Intelligent Enterprise unveils its take on 'The Dozen' most influential vendors that will drive the intelligent enterprise in 2008. Plus, we highlight 36 'Companies to Watch' in five categories.

THE DOZEN

Editors Choice Awards 2008 Editors' Choice Awards 2008

The 12 companies that will matter the most to the intelligent enterprise in 2008.

ADOBE. Computing expectations from employees, partners and customers are rising in lockstep with those of consumers. That's why rich, dynamic Web 2.0-style interfaces are making their way into the enterprise. It's not just a matter of visual sizzle (although that helps when it comes to intuitive navigation and data visualization); Rich Internet applications (RIA) have to handle big data sets, work offline and seamlessly resynchronize with backend infrastructure.

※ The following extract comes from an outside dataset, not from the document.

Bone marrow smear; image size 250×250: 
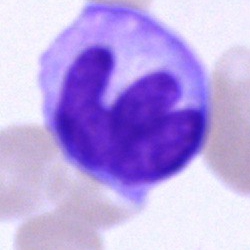Q: What is the morphological classification of this cell?
A: It is a monocyte.

Adobe is the key company to watch in the race toward mastery of RIA/Web 2.0 development. Having acquired Macromedia and assimilated its technologies, Adobe has a strongly positioned client (Flash) on millions of computers, a corps of evolving development tools (Flex, AIR, ColdFusion) and an apparent willingness to embrace open-source approaches. It can also bring to bear widely accepted creative tools and the de facto standard in bridging Web- and paper-based interaction (PDF). It's a distinct and compelling alternative between Microsoft and the Java camp.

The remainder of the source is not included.